Interesting passage here about replacing the ADF’s ‘ethics doctrine’ which allows utilitarian decision making. This reminds me of a speech given by the man who commanded an SOTG that allegedly committed a large number of murders…
Ian Langford discusses ‘situational ethics’ here which relates to the above. This raises the question of objective situational awareness- how many stories did you hear about Australian teams and platoons ‘almost being wiped out’ in Afgh?
cove.army.gov.au/article/ethica…
This piece about super and benefits is interesting. Soldiers feared they’d lose super and benefits if they had a war crimes conviction. This fear would have stopped disclosure and assistance the OSI…yet the fear isn’t based in law. Why didn’t Defence tell them it wasn’t?
This is incredibly significant. Counter-insurgency? Shaping, strategic, integrated. Counter-terrorism? Whack-a-mole, endless killing, constant sense of emergency. And wrong. Primarily the Australians fought local afghans in their own villages.
Defence and government owed troops a strategic vision for victory. It’s in the ADF’s own leadership doctrine of jus in bello. They failed in that obligation.
More on the preference to kill suspected insurgents over detaining them or just walking past them, as the SASR did in Afgh in 2002
And speaking of the preference to kill. Read about the admirable (but abandoned) SOTG Rule of Law Cell in my book Find Fix Finish.
And yep, NCOs like Ben Roberts-Smith ran the joint, with junior officers cucked.
Real all about this in my book too. No adequate psych screening pre of post deployment, waivers for psych issues...command did not GAF about whether someone was psychologically or morally fit for deployment in Afgh
Yep. Brits and Americans have been accused of the same crimes, on the same mission set, using the same cover up and it's been revealed British officers knew their SAS was in a 'extra judicial killing competition' with either us or the Americans.
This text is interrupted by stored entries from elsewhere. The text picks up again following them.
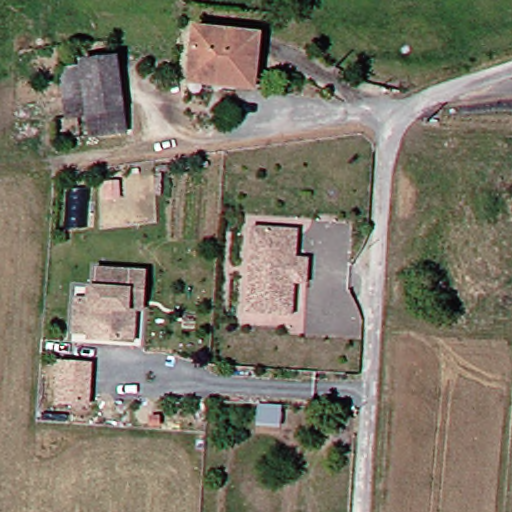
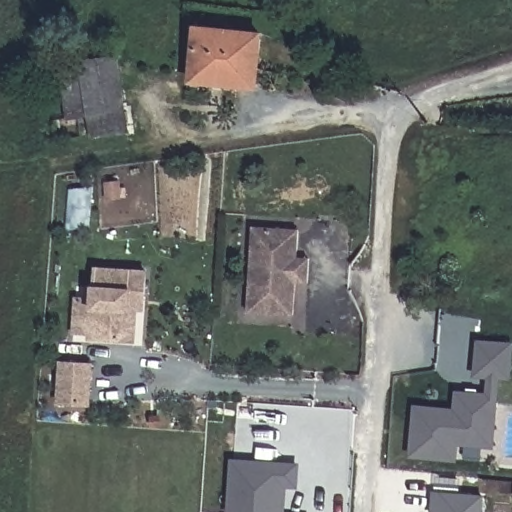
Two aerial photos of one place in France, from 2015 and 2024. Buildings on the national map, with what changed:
unchanged [(251,88),(190,81),(194,28),(255,34),(251,88)]
unchanged [(124,136),(90,140),(79,69),(115,66),(124,136)]
unchanged [(304,285),(292,284),(289,317),(244,313),(252,227),(297,232),(294,259),(306,261),(304,285)]
unchanged [(84,338),(68,337),(71,303),(86,304),(87,292),(89,292),(90,273),(140,277),(138,305),(137,315),(130,314),(128,346),(121,346),(101,344),(84,343),(84,338)]
new [(452,408),(454,390),(485,392),(486,379),(472,377),(476,339),(512,343),(512,366),(510,380),(499,379),(494,449),(458,446),(457,461),(408,457),(412,405),(452,408)]
unchanged [(89,405),(58,403),(61,363),(92,366),(89,405)]
new [(298,489),(286,488),(286,512),(227,512),(230,459),(300,463),(298,489)]
new [(483,495),(482,512),(431,512),(431,491),(483,495)]

So..people knew. Those 'issues arising from operation reporting' would have been enough. The patrol reporting was clearly fabricated, yet nothing was done about. In the UK Inquiry they've uncovered emails between officers...
...talking about the patrol reporting mass delusion that they're all meant to accept. The grab above probably relates to the Sola killings, and if people like Stephen Smith did an audit of patrol reporting then, they may have stopped the Darwan murders.
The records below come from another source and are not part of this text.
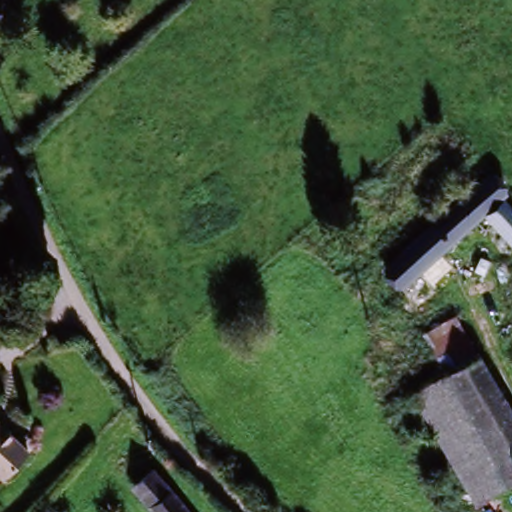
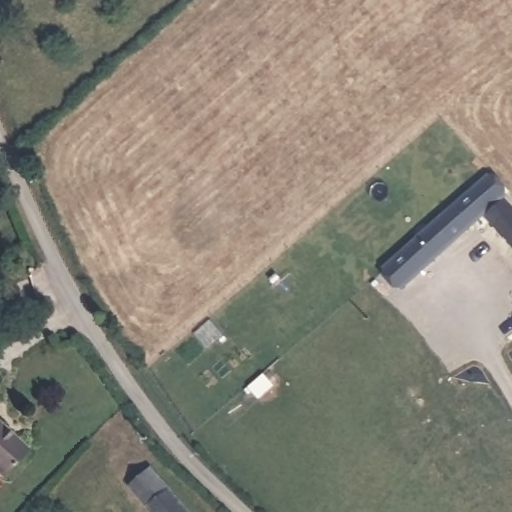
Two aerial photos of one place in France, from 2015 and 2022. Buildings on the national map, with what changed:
unchanged [(402,282),(387,266),(488,177),(503,195),(402,282)]
unchanged [(512,213),(512,248),(485,217),(502,202),(512,213)]
demolished [(512,427),(512,471),(503,477),(441,368),(468,352),(512,427)]
demolished [(478,512),(412,398),(446,377),(503,477),(510,490),(478,512)]
unchanged [(0,483),(0,432),(25,455),(0,483)]
unchanged [(137,487),(157,471),(192,512),(158,512),(137,487)]

Shout out to my guy Abdul Gafar Stankzai, formerly the head of the Afghan Independent Human Rights Commission in TK and now living in Adelaide. He had so much of this right at the time, and when he tried to bring it to command, he was ignored.
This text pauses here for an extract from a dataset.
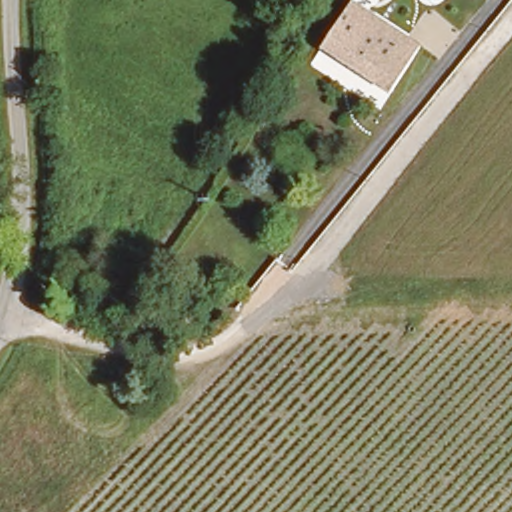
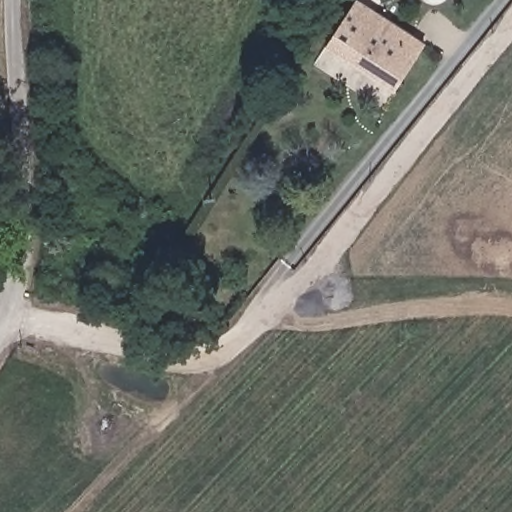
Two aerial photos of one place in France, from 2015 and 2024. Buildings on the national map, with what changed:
unchanged [(403,37),(419,46),(394,87),(325,48),(349,8),(403,37)]

This may be the reason the report was considered to be prejudicial. The standard for war crimes command responsibility is 'should have known.' This may mean the Australian Head of State could have committed war crimes.
Afterwards, a swipe at Brereton. If you really wanted to know what happened, you would have ordered a civilian review. We still could...an RC.
The panel says defence didn't assume the command responsibility that a private company or a not for profit would. Let's keep in mind the wrongdoing here is mass murder.
The Panel finds that Defence STILL does not accept culpability beyond the patrol level and that this affects veterans, soldiers and families.
Wow, the panel says Defence's enabled omerta in Afghanistan existed before the conflict, resulting in the allowance of sexual and physical abuse for 'decades'
This is absolutely damning to me. The Panel finds the ADF's ethics doctrine excludes natural law theory (which says ever human has inherent rights).
Again, absolutely damning IMO.
I included a whole section in my book about Ian Langford's discussion of just war theory, and how I didn't believe the SOTG's and Australia's war in Afgh were consistent with just war theory principles.
FIN. I will come back to this. This report is consistent with my Find Fix Finish conclusions. I feel incredibly vindicated, but also infuriated. The ministers, the department and major media orgs could have found all this out more than a decade ago by just asking around.